Remote sounds tickled the outer ranges of his hearing. Voices? Feet? Horses’ hooves again, somehow sounding wrong... Shouting and a sudden clatter that might’ve been a fight. More feet in a pounding and familiar rhythm.
Oddly reassured, he
checked quickly for currency – gold, surely! When he found nothing, he snaked onto the bar top and crouched there, gargoyle still.
But there was no cash, no glitter of coinage. No pumps or optics, but hey, that one was obvious. Still no fucking metal.
He found wooden barrels and racks of pottery. And he found papers, loose rolls in differing colours of ribbon – they were off-white and rough to his touch. When he unrolled one, he found it was etched with some kind of tally marks, an elaborate record system he couldn’t begin to fathom. And under them, there was a squat, locked box – a box that his agile fingers took less than six seconds to prise open.

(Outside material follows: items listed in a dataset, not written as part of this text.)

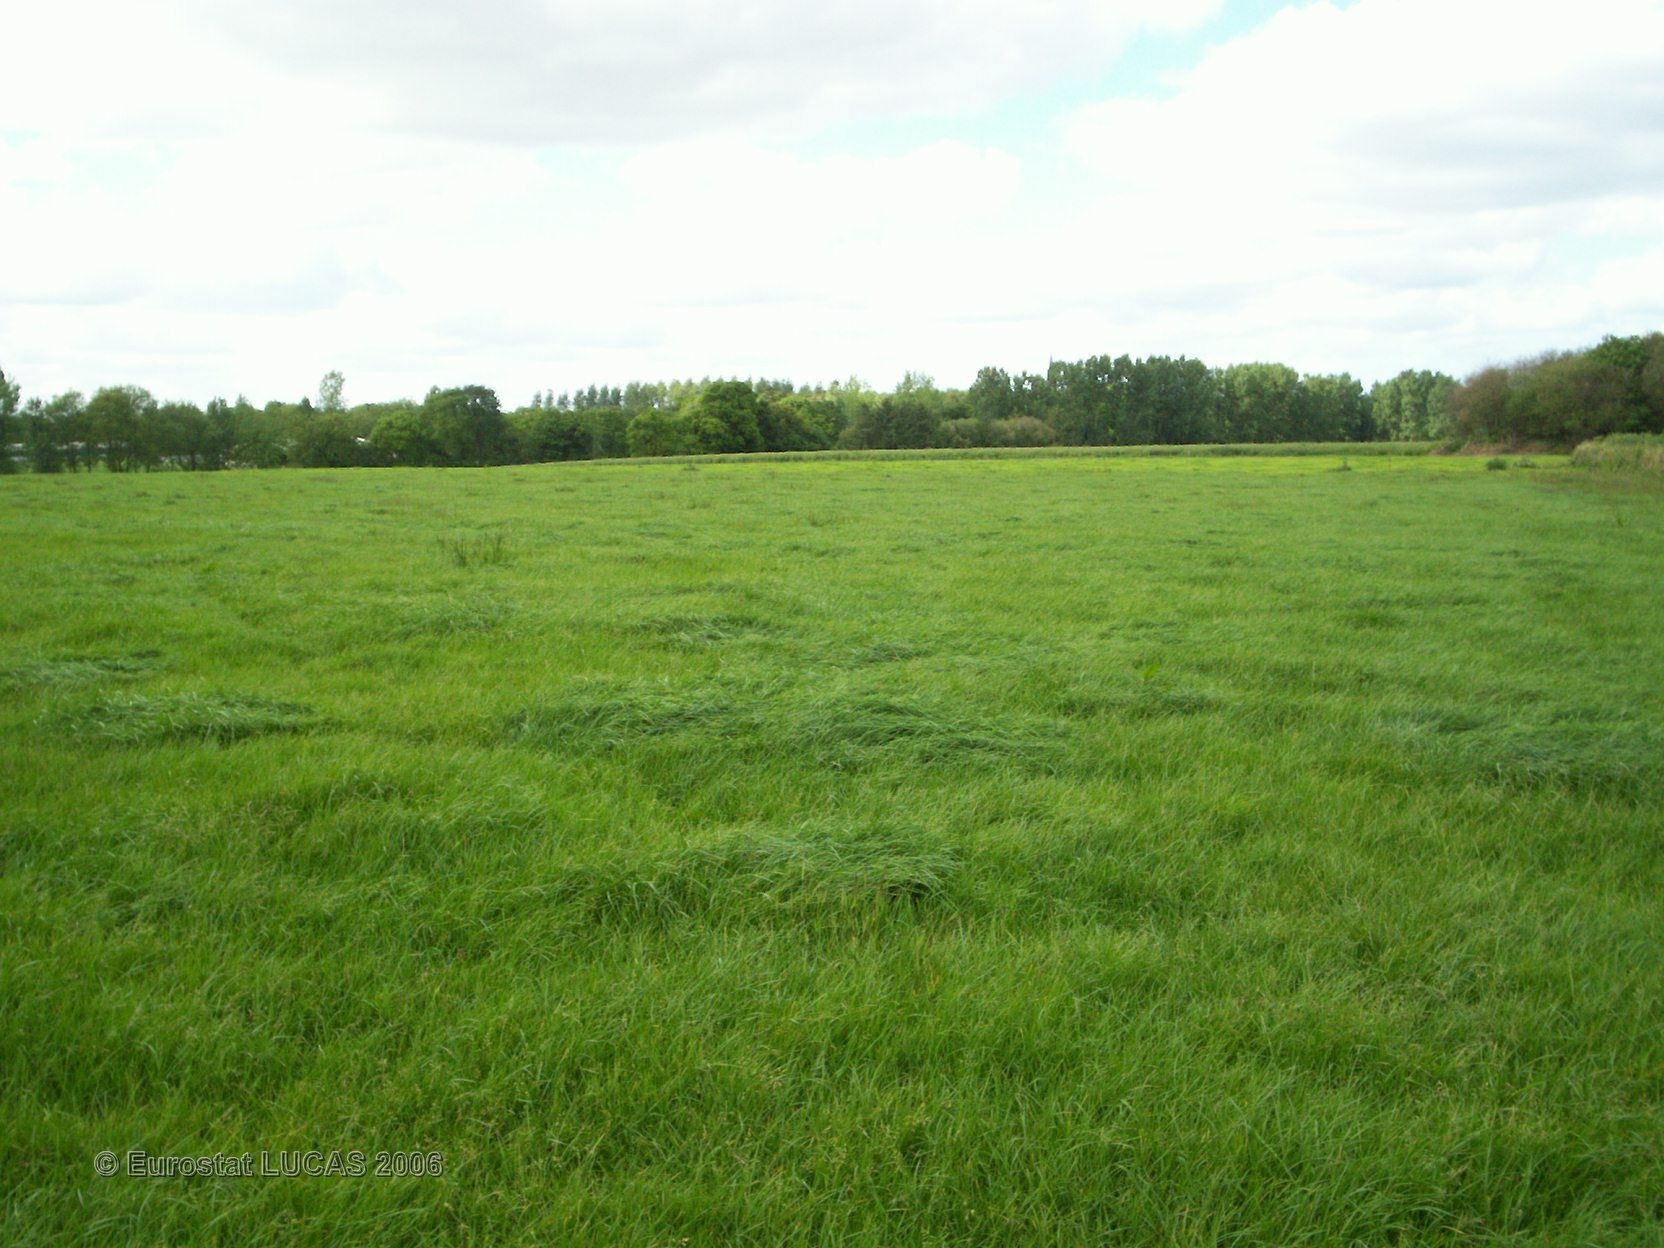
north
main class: Grassland
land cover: Grassland without tree/shrub cover
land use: Agriculture (excluding fallow land and kitchen gardens)
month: May
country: FR
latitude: 48.5248
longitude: -3.0011
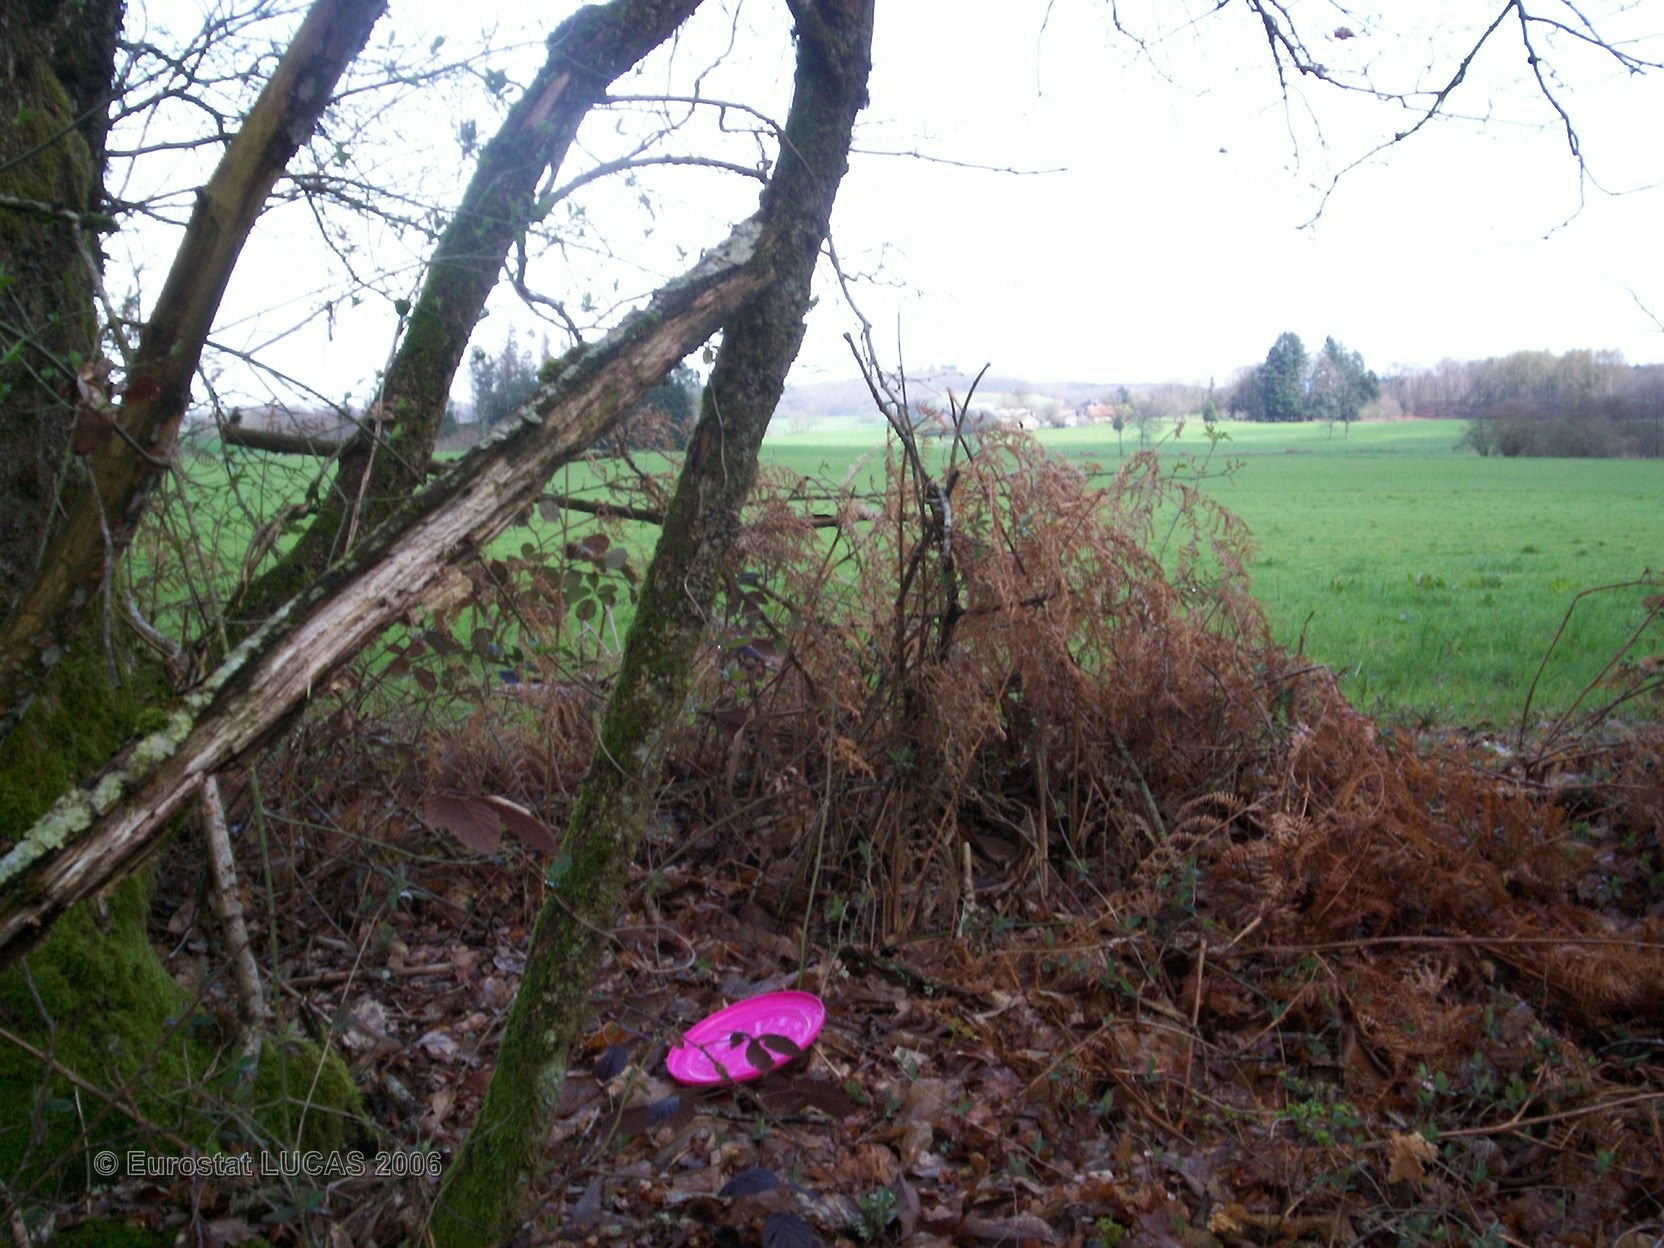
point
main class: Woodland
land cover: Broadleaved forest
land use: Forestry
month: April
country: FR
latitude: 45.5499
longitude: 1.6041
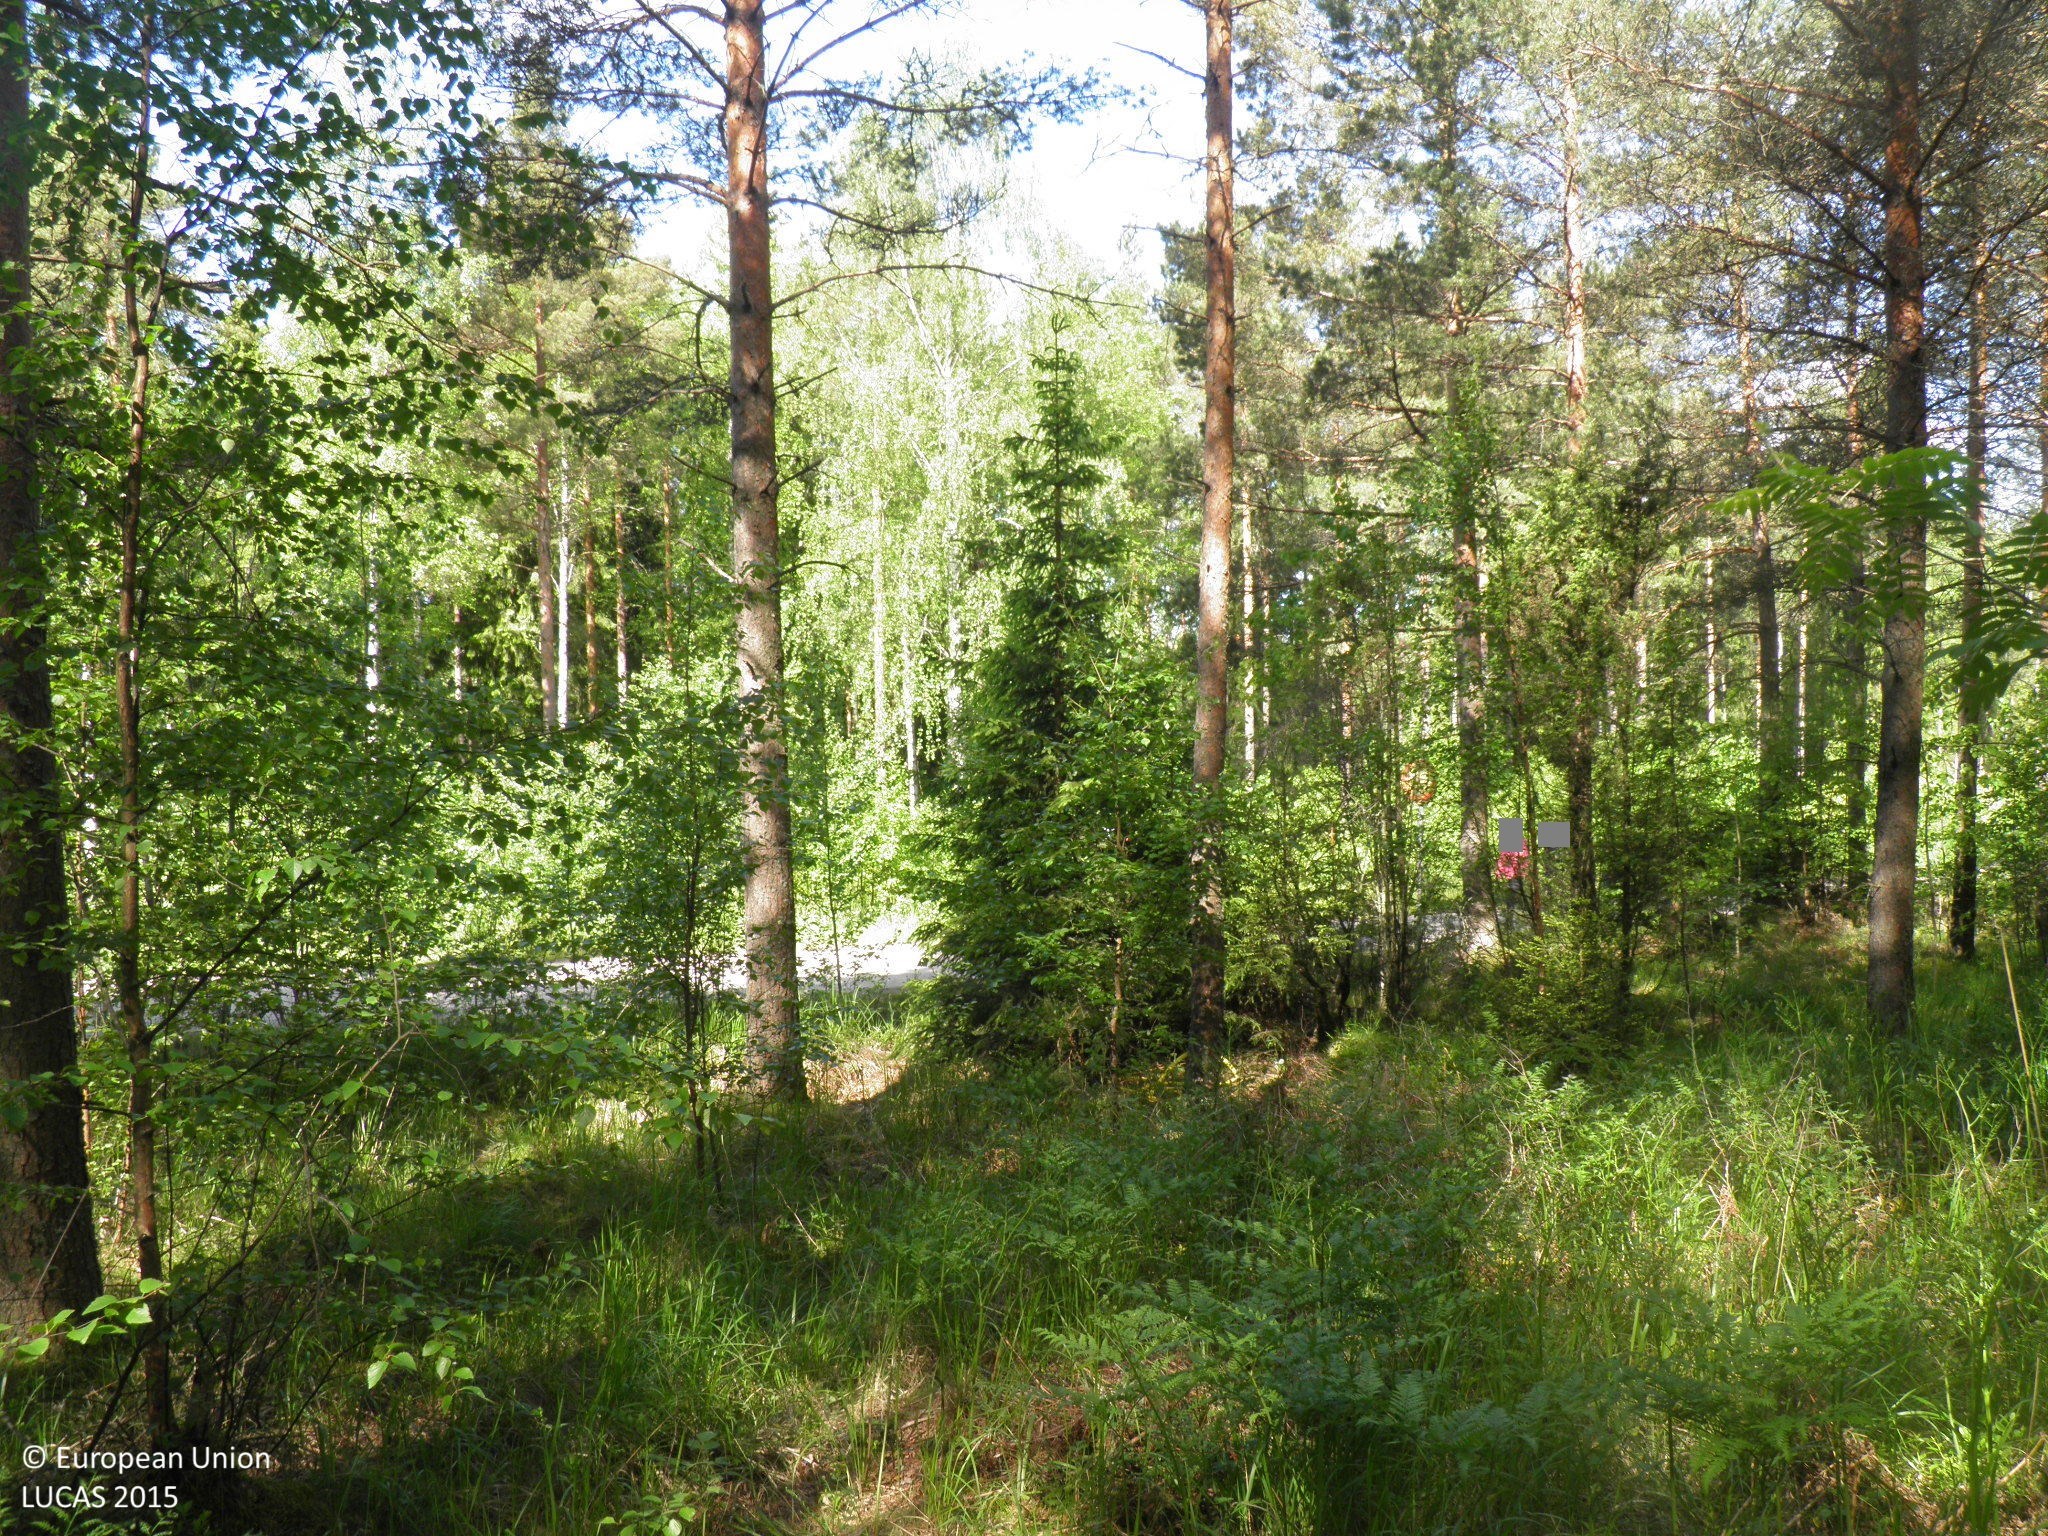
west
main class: Woodland
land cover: Pine dominated coniferous woodland
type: boreal forest
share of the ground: > 75 %
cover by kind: coniferous forest trees 70 %, broadleaved forest trees 10 %, herbaceous plants 10 %, lichens and mosses 10 %
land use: Forestry
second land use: Amenities, museums, leisure
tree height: > 5 m
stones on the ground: 25 - 50 %
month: June
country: FI
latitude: 60.4260
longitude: 22.6978

Whaddaya know. I hit the Vegas jackpot.
It was full of stuff.
Fragments of bright stone, ceramics and wood, pinches of powder in twists of fabric, white stuff that might’ve been horn or bone, jewellery braided from thread and colour. And most common of all, a kind of solid resin that looked almost like amber, almost like plastic. It was oddly smooth to the touch.
It wasn’t the only thing that he didn’t understand.
He went through the box, carefully.
Some of the resin was carved, or dyed, or both; some of it was just loose chunks. Some of it was crafted into more jewellery, or tools. Some of it had fibres running through it in eleborate patterns.
Laying a pendant thing back in the box, Ecko looked up and around the room, a realisation suddenly crystallising.
Jesus shit...
Hung on the walls and pillars was a half-ton of local swag – swords, scythes, tools, big ol’ spears with heads like half moons and axes the size of his head. Reaching out, he took one of the smaller blades down.
And it was the same.
It was the same resinous, wood-warm, glass-smooth, metal-hard stuff that was in the box, incredibly light with a pattern of fibres running up its centre – reinforcement or decoration. It wasn’t sharp, though his sensitive fingers found old notches.
What the hell was this stuff? Was it like their gold, or steel? Or both? Now he looked round properly, he could see that it made everything from weapons to rivets to cutlery – whatever the fuck this stuff was, it was critical.